# COMPETITIVE BODYBUILDING - POWERLIFTING - ATHLETICS & SPORTS > BOXING / FIGHTING / WRESTLING >  Ufc 75 On Spike!!!!!!!

## $$TML 4 LIFE$$

One of the best fight cards is FREE......IM SO PUMPED!!!!!!!

UFC 75: SEPTEMBER 8, 2007 IN LONDON, ENGLAND

Quinton Jackson vs. Dan Henderson 
Mirko Cro Cop World vs. Cheick Kongo
Michael Bisping vs. Matt Hamill
Houston Alexander vs. Alessio Sakara
Marcus Davis vs. Paul Taylor
Jess Liaudin vs. Anthony Johnson
Gleison Tibau vs. Terry Etim
Dennis Siver vs.

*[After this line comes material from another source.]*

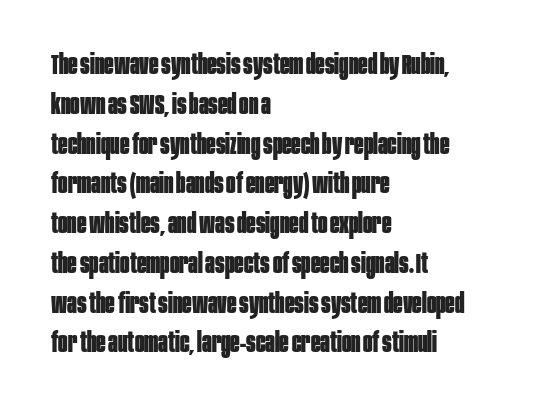
Characters follow at the spacing the type designer built in. The passage shown stacks its lines at a standard gap. If you drew a line through each stem, it would be perfectly vertical. Grotesque or geometric, the face here clearly has no serifs. Lines of text with bare space underneath.
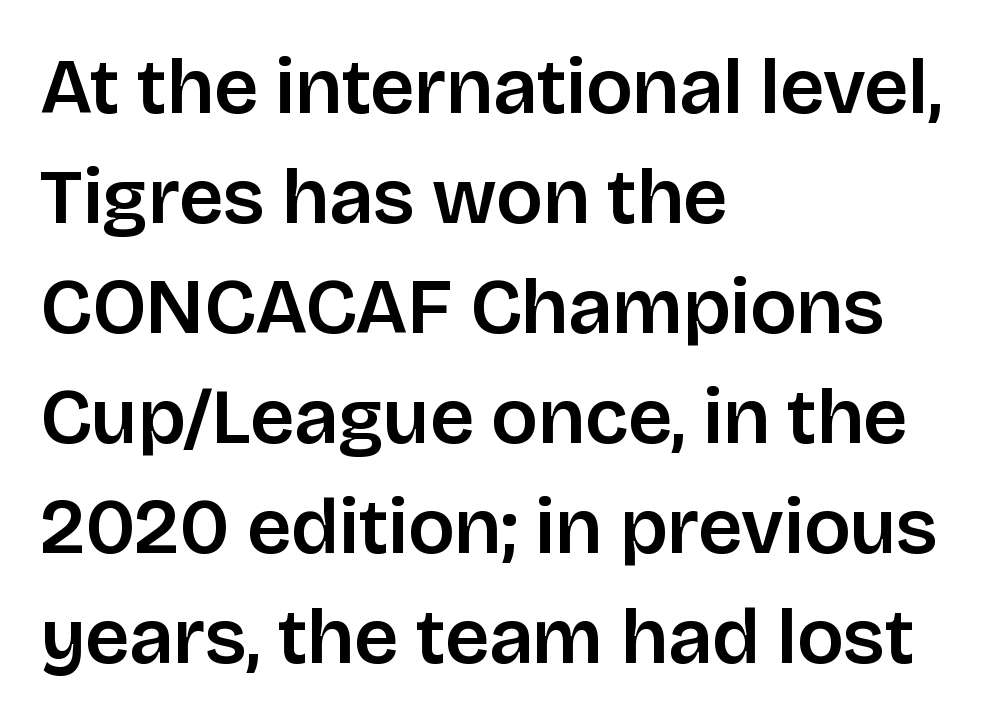
No feet cap the strokes, marking this as sans-serif type. The rendering keeps characters at their native spacing. No word sits above an underline. The paragraph has a hard left edge and a soft right edge.

TBA

http://www.ufc.com/index.cfm?fa=news.detail&gid=6831

http://www.mmaweekly.com/absolutenm/...4343&zoneid=13

----------


## godkilla

quinton edging dan, prolly try and slam him.
cc by tko over kongo
and have a feeling hammil will lnp bisping, but we will see.

----------


## alan7890

i will be there with three mates cant wait!

----------


## gixxerboy1

I would like to see the bisping v hamill fight

Kongo has no ground game correct. I remember he was really good at somethings but horrible at another.

----------


## Big

looks like a good card

----------


## Lexed

I wanna see cro crop kick some ass

----------


## $$TML 4 LIFE$$

> quinton edging dan, prolly try and slam him.
> cc by tko over kongo
> and have a feeling hammil will lnp bisping, but we will see.



I c Hammil beating bisping by decision 2.

----------


## abombing

Nice!!!!!

----------


## (1*)

henderson will beat rampage. cc will knock out congo. and i am thinking bisping will win, if he hasn't gotten too cocky... we'll see.

----------


## PEWN

awesome ....

----------


## Hunter

> One of the best fight cards is FREE......IM SO PUMPED!!!!!!!
> 
> UFC 75: SEPTEMBER 8, 2007 IN LONDON, ENGLAND
> 
> Quinton Jackson vs. Dan Henderson 
> *Mirko Cro Cop* World vs. Cheick Kongo
> *Michael Bisping* vs. Matt Hamill
> Houston Alexander vs. *Alessio Sakara*
> *Marcus Davis* vs. Paul Taylor
> ...



this card sucks uber bad.

----------


## TR'05

^^I'm not impressed either. They should have put the Guida vs. MAximus on this card b/c odds are it won't even be televised.

Hendo is going to take the title.

----------


## pender7

I've been wanting to see Houston Alexander fight again since he kicked Keith Jardines ass . Looks like Jardine is gonna get another ass kickin when he fights Liddell in UFC76.

----------


## rooster101

jacksons left hand is hurt bad right now, and doesnt have anyone good in his camp to push him. branden vera and bisbing is comming to help him, but i dont think there the right people to help him with dan. im going to have to go with dan on this one.

----------


## NOREGRETS

Thats one of the best cards I've seen in a while.

----------


## Hunter

one good fight which is why its on free tv.

Bisping vs hamill, come on.
Kongo a good striker vs a k1 level striker, who cares!
Marcus davis very improved since tuf but I dont care
Sakara vs alexander, once again who cares.

honestly who cares worthless card.

----------


## Billmister

I care... I like about 3 fights from that night. hey it's free. Looking foward to watch it. Thank for the head up to the OP.

----------


## godkilla

besides the page/hendo fight and gettin to see cc kick someones head off again, i gotta say this card is lacking. but hey, free is free  :Wink/Grin:

----------